WhiteHat has disclosed a critical security vulnerability in Apple’s Safari browser that could allow hackers to extract personal information from the OS X address book.
“Right at the moment a Safari user visits a malicious website, even if they’ve never been there before or entered any personal information, [it] can uncover their first name, last name, work place, city, state and email address,” WhiteHat CTO Jeremiah Grossman wrote in an official blog post.
“Safari v4 & v5, with a combined market browser share of 4% (~83 million users), has a feature (Preferences > AutoFill > AutoFill web forms) enabled by default.
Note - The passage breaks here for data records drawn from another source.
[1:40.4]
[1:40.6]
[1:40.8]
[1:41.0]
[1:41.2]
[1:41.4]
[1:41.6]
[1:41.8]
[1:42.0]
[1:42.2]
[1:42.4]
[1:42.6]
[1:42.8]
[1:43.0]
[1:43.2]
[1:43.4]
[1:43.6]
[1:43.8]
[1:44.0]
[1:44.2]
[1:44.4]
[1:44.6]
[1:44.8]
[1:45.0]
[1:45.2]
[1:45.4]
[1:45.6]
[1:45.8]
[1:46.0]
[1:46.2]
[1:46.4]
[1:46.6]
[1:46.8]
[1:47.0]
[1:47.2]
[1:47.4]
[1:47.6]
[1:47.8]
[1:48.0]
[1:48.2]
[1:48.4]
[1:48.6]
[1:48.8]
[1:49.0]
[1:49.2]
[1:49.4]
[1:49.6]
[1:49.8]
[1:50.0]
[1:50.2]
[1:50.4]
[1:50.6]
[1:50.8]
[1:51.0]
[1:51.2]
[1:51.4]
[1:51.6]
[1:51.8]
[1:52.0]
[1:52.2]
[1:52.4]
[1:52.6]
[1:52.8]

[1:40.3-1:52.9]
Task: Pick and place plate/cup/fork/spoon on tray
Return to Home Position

Essentially we are hacking auto-complete functionality.”
According to Grossman, malicious websites would likely operate by surreptitiously extracting Address Book card data and dynamically creating form text fields with matching names.
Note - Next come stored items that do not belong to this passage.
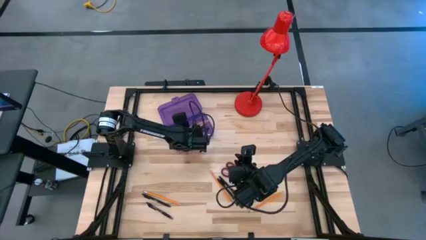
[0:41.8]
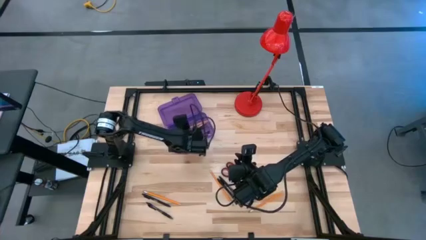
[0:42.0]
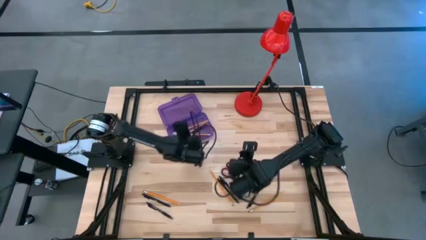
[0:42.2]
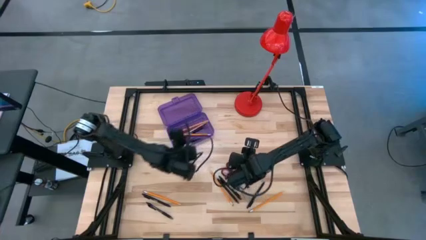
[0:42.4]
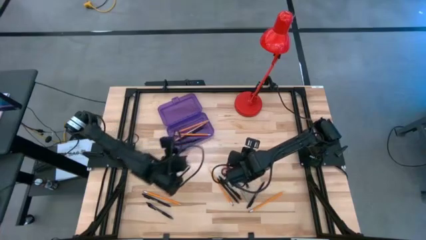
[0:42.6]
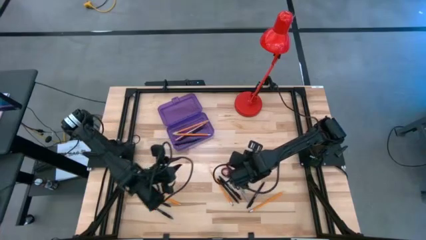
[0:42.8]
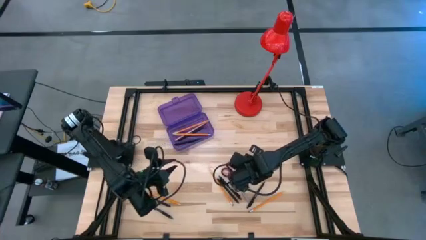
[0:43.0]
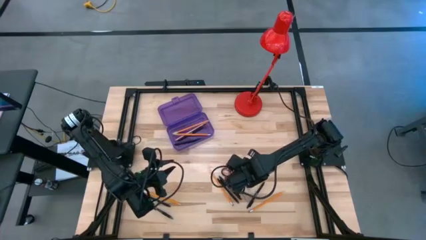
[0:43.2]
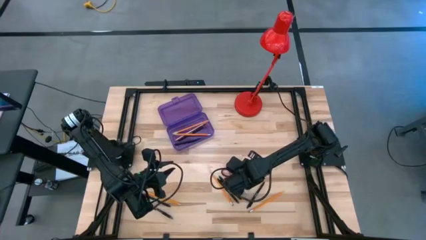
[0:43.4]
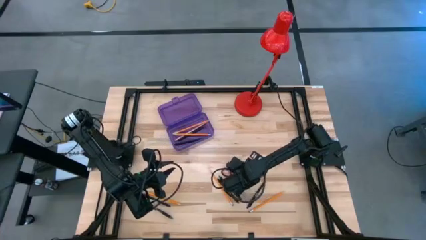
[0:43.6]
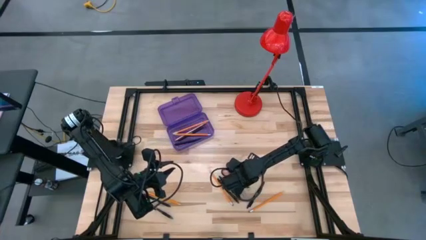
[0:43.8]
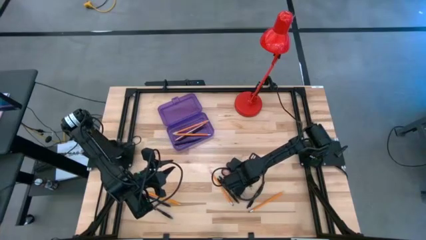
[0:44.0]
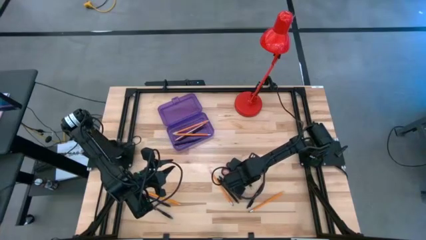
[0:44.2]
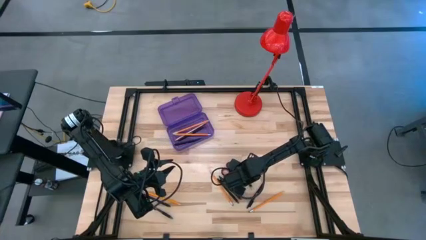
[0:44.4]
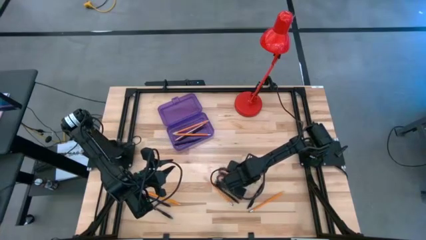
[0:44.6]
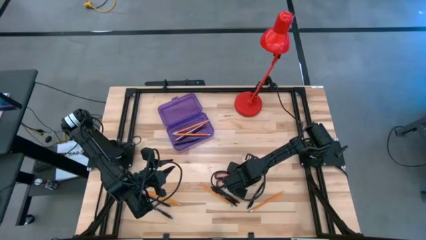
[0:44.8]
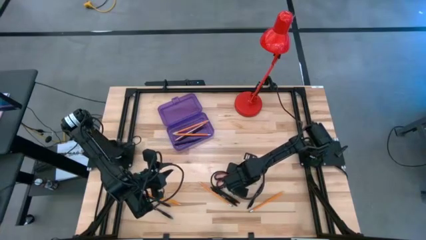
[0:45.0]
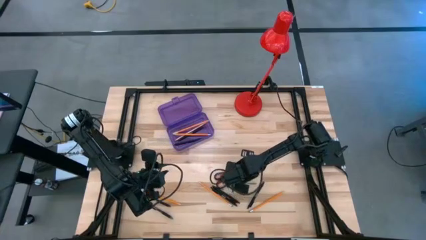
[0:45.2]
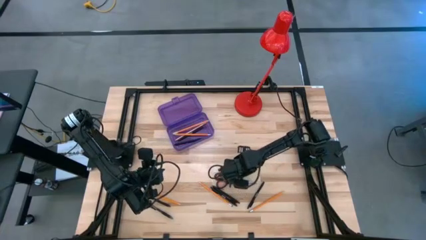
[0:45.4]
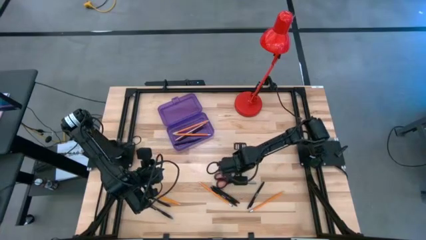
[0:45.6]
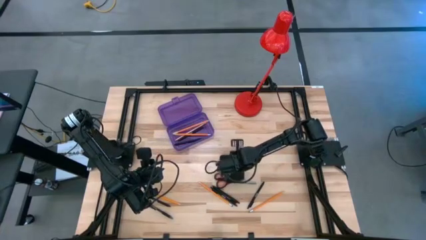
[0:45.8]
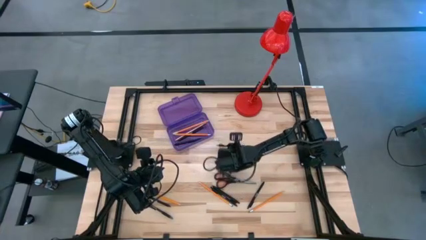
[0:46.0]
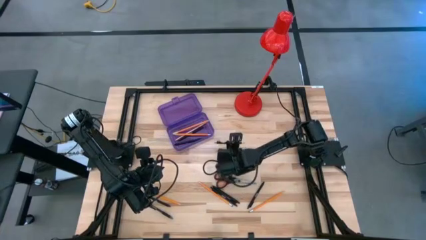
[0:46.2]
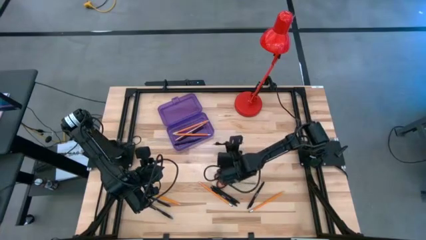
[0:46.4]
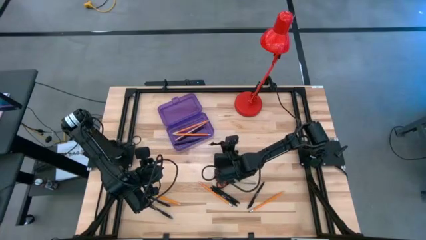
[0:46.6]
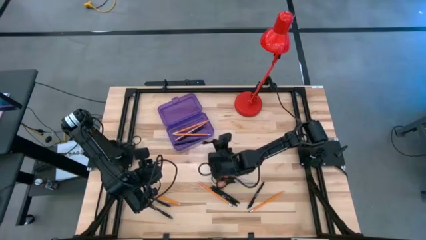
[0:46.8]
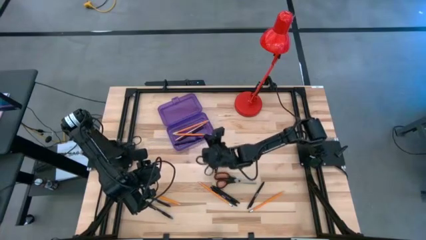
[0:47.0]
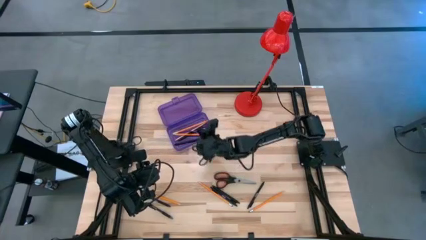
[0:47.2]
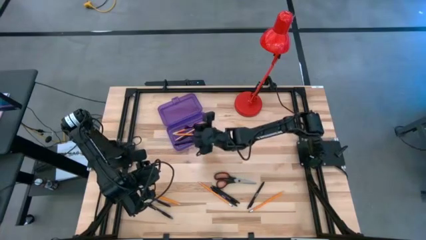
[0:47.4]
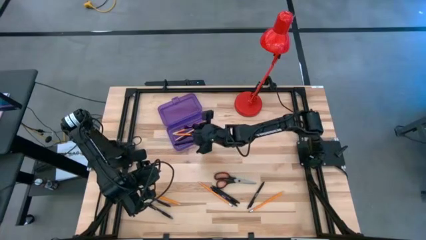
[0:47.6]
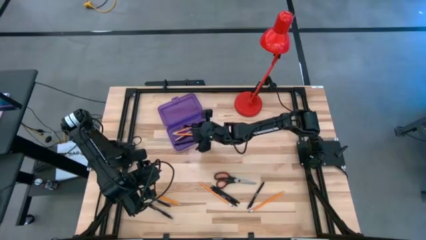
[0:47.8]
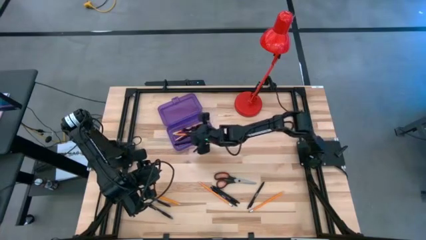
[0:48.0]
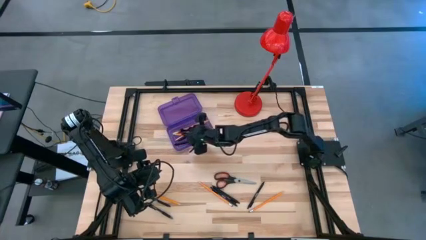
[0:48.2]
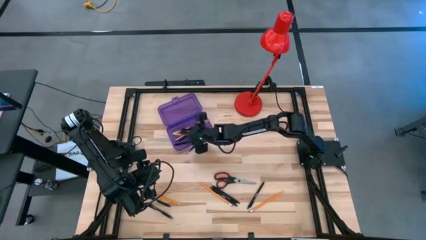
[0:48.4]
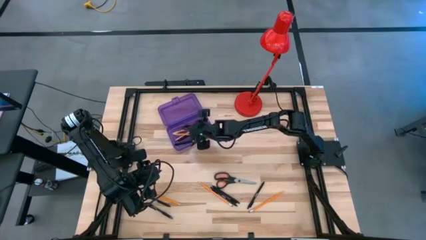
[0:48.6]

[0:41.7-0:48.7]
Task: Pick & place school supplies into a supply box
Put the transparent pen into the purple supply box

The site would then simulate A-Z keystroke events using JavaScript.
“When data is populated, that is AutoFill’ed, it can be accessed and sent to the attacker. [Now], this entire process takes mere seconds and represents a major breach in online privacy,” explained Grossman.
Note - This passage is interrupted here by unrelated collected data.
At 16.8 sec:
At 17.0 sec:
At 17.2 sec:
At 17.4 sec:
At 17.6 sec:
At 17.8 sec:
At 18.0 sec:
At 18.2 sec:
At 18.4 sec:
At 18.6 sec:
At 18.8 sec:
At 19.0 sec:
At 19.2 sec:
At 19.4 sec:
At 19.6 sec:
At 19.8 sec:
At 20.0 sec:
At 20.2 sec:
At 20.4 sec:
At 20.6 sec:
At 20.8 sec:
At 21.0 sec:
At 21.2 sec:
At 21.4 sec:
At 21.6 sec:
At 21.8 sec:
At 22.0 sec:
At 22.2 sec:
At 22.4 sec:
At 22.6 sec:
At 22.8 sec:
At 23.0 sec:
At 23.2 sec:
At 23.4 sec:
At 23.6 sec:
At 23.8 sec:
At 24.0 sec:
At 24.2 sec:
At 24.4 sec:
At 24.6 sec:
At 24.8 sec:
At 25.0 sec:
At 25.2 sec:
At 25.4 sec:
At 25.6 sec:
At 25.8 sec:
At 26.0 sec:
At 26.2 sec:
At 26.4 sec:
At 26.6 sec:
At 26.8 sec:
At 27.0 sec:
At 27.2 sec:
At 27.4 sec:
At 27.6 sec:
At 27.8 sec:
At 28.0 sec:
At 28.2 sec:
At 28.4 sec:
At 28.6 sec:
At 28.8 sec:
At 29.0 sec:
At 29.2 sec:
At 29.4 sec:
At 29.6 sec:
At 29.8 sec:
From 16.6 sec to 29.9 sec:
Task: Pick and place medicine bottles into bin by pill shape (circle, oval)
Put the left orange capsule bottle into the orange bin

“The [breach] could be further leveraged in multistage attacks including email spam, (spear) phishing, stalking and even blackmail if a user is de-anonymized while visiting objectionable online material.”
However, Grossman emphasized that any AutoFill data beginning with a number would remain off limits to a malicious website.
“For some reason, the data [will] not populate in the text field. Still, such attacks could be easily and cheaply distributed on a mass scale using an advertising network where likely no one would ever notice because it’s not exploit code designed to deliver rootkit payload.
“In fact, there is no guarantee this has not already taken place. What is safe to say is that this vulnerability is so brain dead simple that I assumed someone else must have publicly reported it already, but exhaustive searches and asking several colleagues turned up nothing.”
Unsurprisingly, Grossman revealed that Apple had yet to seriously address the issue.
“I figured Apple might appreciate a vulnerability disclosure prior to public discussion, which I did on June 17, 2010 complete with technical detail. A gleeful auto-response came shortly after, to which I replied asking if Apple was already aware of the issue.
“I received no response after that, human or robot. I have no idea when or if Apple plans to fix the issue, or even if they are aware, but thankfully Safari users only need to disable AutoFill web forms to protect themselves.”